(Bloomberg) —Square Inc. offers loans to customers to pay for goods and services from merchants who use its payment platform, another company initiative to deepen financial services.
Merchants in 22 states will be able to offer installment payments on purchases of $ 250 to $ 10,000. The lending branch of the company, Square capital, will cover the cost on behalf of the buyer, the San Francisco-based company said in a statement Thursday. The initiative, tested for a year, allows buyers to apply online.
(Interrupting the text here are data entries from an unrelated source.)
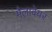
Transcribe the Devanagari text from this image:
मैलावेयर
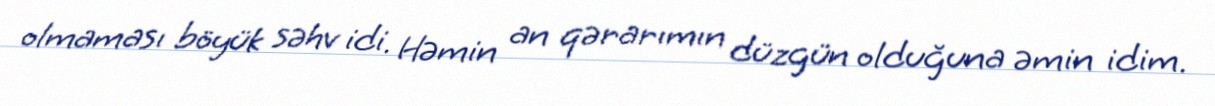
olmaması böyük səhv idi. Həmin an qərarımın düzgün olduğuna əmin idim.
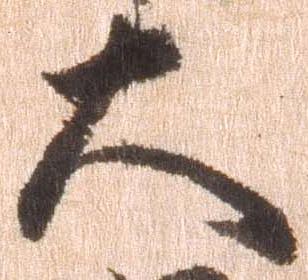
大
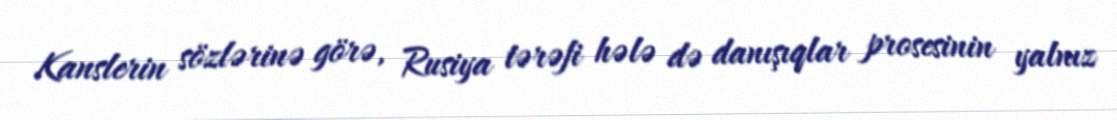
Kanslerin sözlərinə görə, Rusiya tərəfi hələ də danışıqlar prosesinin yalnız
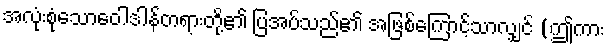
အလုံးစုံသောဝေါဒါန်တရားတို့၏ ပြအပ်သည်၏ အဖြစ်ကြောင့်သာလျှင် (ဤကား
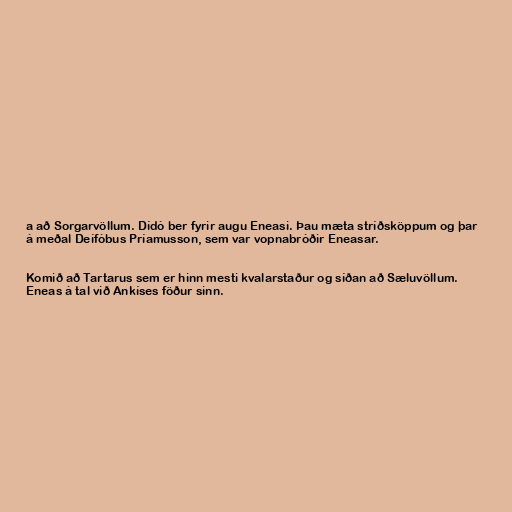
a að Sorgarvöllum. Dídó ber fyrir augu Eneasi. Þau mæta stríðsköppum og þar
á meðal Deífóbus Príamusson, sem var vopnabróðir Eneasar.

Komið að Tartarus sem er hinn mesti kvalarstaður og síðan að Sæluvöllum.
Eneas á tal við Ankíses föður sinn.
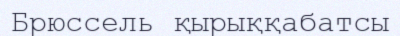
Брюссель қырыққабатсы
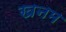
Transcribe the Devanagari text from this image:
खनम
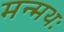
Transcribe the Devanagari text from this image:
मन्मथः
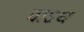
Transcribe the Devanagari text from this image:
वाऽथ
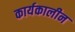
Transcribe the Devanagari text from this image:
कार्यकालीन
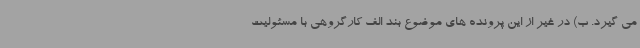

If approved, they reimburse Square in fixed monthly amounts over three, six, or 12 months for purchases of $ 250 to $ 10,000.
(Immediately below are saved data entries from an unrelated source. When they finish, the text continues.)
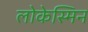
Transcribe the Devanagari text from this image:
लोकेस्मिन
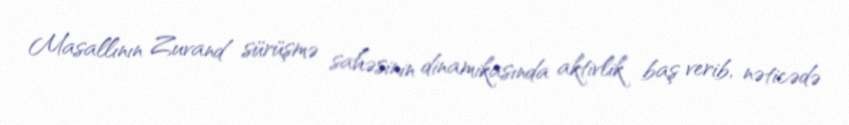
Masallının Zuvand sürüşmə sahəsinin dinamikasında aktivlik baş verib, nəticədə
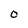
Character: O
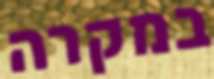
במקרה
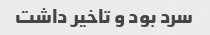
سرد بود و تاخیر داشت
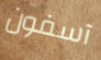
آسفون
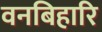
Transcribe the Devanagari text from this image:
वनबिहारि
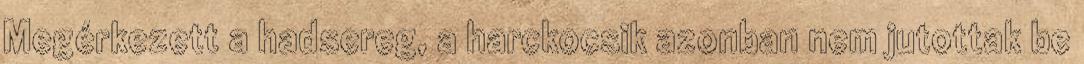
Megérkezett a hadsereg, a harckocsik azonban nem jutottak be
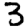
Digit: 3
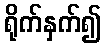
ရိုက်နှက်၍
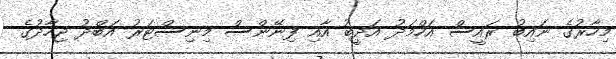
މިހާރުގެ ނައިބު ރައީސް އަހްމަދު އަދީބު އާއި ފިނޭންސް މިނިސްޓަރު އަބްދު ޖިހާދުގެ
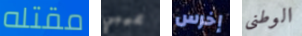
مقتله عيبي إخرس الوطنى
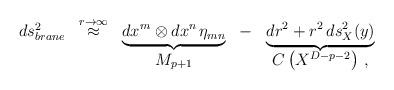
LaTeX: \begin{align*}\begin{array}{ccccc}ds^2_{brane} &\stackrel{r\to \infty}{\approx} &\underbrace{dx^m \otimes dx^n \,\eta_{m n}} & - & \underbrace{dr^2 +r^2 \, ds^2_{X}(y)}\\\null & \null & M_{p+1} & \null & C\left (X^{D-p-2}\right)\,,\end{array}\end{align*}
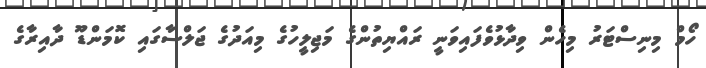
ހޯމް މިނިސްޓަރު މިހެން ވިދާޅުވެފައިވަނީ ރައްޔިތުންގެ މަޖިލީހުގެ މިއަދުގެ ޖަލްސާގައި ކޮމަންޑޫ ދާއިރާގެ
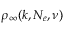
\rho _ { \infty } ( k , N _ { e } , \nu )
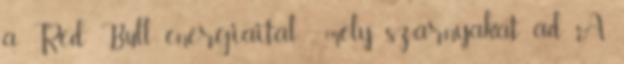
a Red Bull energiaital , mely szárnyakat ad A
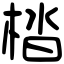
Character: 㭼
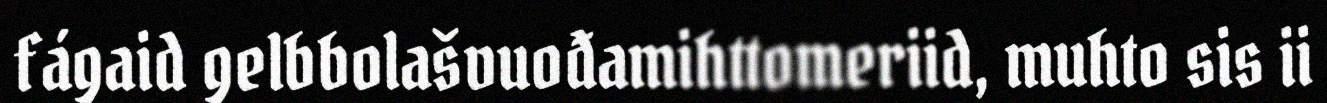
fágaid gelbbolašvuođamihttomeriid, muhto sis ii
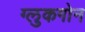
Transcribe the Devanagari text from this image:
ग्लुकगोन
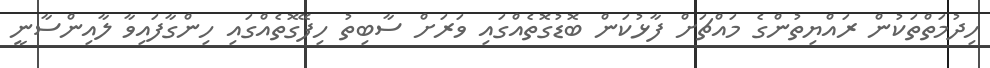
ހިދުމަތްތަކުން ރައްޔިތުންގެ މައްޗަށް ފާޅުކަން ބޮޑުގޮތެއްގައި ވަރަށް ސާބިތު ހިފޭގޮތެއްގައި ހިންގާފައިވާ ލާއިންސާނީ
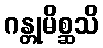
ဂန္တုမိစ္ဆသိ
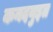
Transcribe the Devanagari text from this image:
कनदयुइत
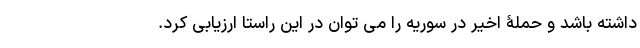
داشته باشد و حملۀ اخیر در سوریه را می توان در این راستا ارزیابی کرد.
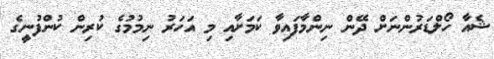
ޝެއާ ހޯލްޑަރުންނަށް ދޭން ނިންމާފައިވާ ކަމަށާއި މި އަހަރު ނިމުމުގެ ކުރިން ކުންފުނީގެ
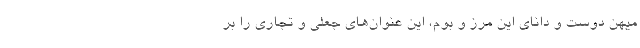
میهن دوست و دانای این مرز و بوم، این عنوان‌های جعلی و تجاری را بر
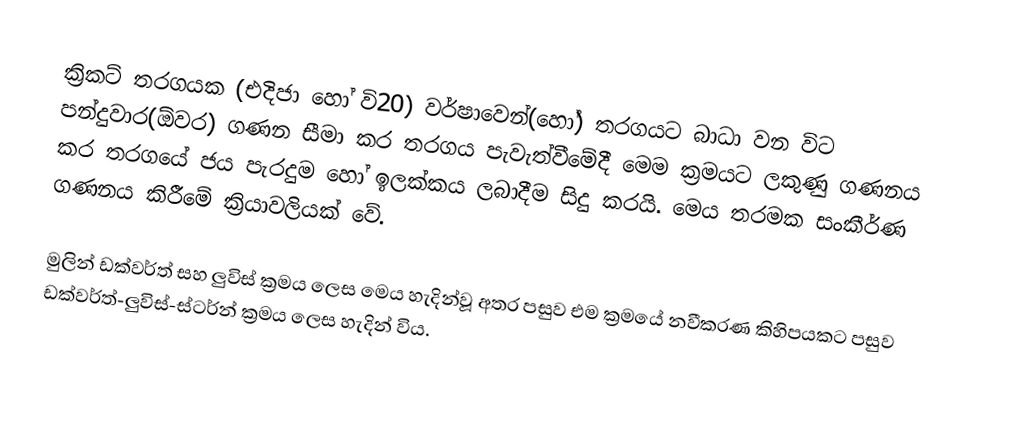
ක්‍රිකට් තරගයක (එදිජා හෝ වි20) වර්ෂාවෙන්(හෝ) තරගයට බාධා වන විට පන්දුවාර(ඕවර) ගණන සීමා කර තරගය පැවැත්වීමේදී මෙම ක්‍රමයට ලකුණු ගණනය කර තරගයේ ජය පැරදුම හෝ ඉලක්කය ලබාදීම සිදු කරයි. මෙය තරමක සංකීර්ණ ගණනය කිරීමේ ක්‍රියාවලියක් වේ.

මුලින් ඩක්වර්ත් සහ ලුවිස් ක්‍රමය ලෙස මෙය හැදින්වූ අතර පසුව එම ක්‍රමයේ නවීකරණ කිහිපයකට පසුව ඩක්වර්ත්-ලුවිස්-ස්ටර්න් ක්‍රමය ලෙස හැදින් විය.
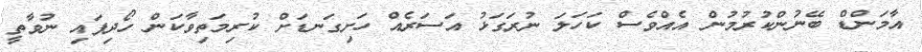
އާމަންޑް ބޭނުންކުރުމުން އެއްވެސް ކަހަލަ ނުރަގަޅު އަސަރެއް ހަށިގަނޑަށް ކުރިމަތިވާކަން ހޯދިފައި ނުވާތީ
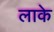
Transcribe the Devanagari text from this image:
लाके
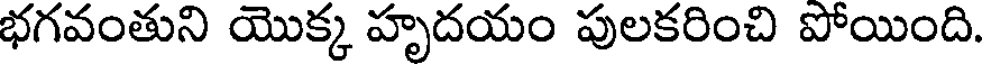
భగవంతుని యొక్క హృదయం పులకరించి పోయింది.
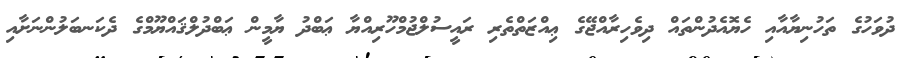
ދުވަހުގެ ތަހުނިޔާއާއި ހެޔޮއެދުންތައް ދިވެހިރާއްޖޭގެ ޢިއްޒަތްތެރި ރައީސުލްޖުމްހޫރިއްޔާ ޢަބްދު ޔާމީން ޢަބްދުލްޤައްޔޫމްގެ ދެކަނބަލުންނަށާއި
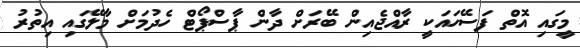
މީގައި އޮތް ފަސޭހައަކީ ރާއްޖެއިން ބޭރަށް ދާން ޕާސްޕޯޓް ހެދުމަށް މާލޭގައި އިތުރު
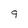
Character: 9

“We believe this gives small businesses a level playing field,” said Jackie Reses, director of Square Capital. “Think of someone who needs to do a home improvement project, or even hair extensions that they would like to try. This product contains many examples of how an expensive item can be analyzed. In the past year, Square recorded 36 million transactions over $ 250 on its platform, Reses said.
This initiative is part of Square’s efforts to expand beyond its core business of payment processing. Square Capital has played a growing role in increasing the company’s sales and profits since its inception in 2014. During the last quarter, it facilitated more than 60,000 business loans totaling $ 390 million. Investors have backed Square’s efforts, with the company’s shares more than tripling to $ 96.96 in the past year.
The product puts Square in a space crowded with fintech companies like Max Levchin’s Affirm Inc. and PayPal Holdings Inc. who also offer installment loans. It is also the latest step the company has taken to increase its relevance in the lives of consumers, not just merchants. Square recently rolled out a loyalty program connected to its Venmo-like peer-to-peer money transfer app, called Square Cash. It also offers a debit card connected to the Cash application.
Square has kept default rates for business loans low by using all the data it has on merchants through its payments platform. With installment loans, Square will be exposed to consumer defaults.
“We feel very comfortable with the type of risk we take,” said Reses, given the credit information and external data sources that Square will use in making its underwriting decisions. Square plans to keep consumer credits on its balance sheet, but since it lends more, it could sell them to outside funds, as it does with its merchant loans.
Borrowers who are approved are billed at an annual percentage rate of zero to 24%. This contrasts with Affirm, which offers payments at an annual percentage rate of 10-30%.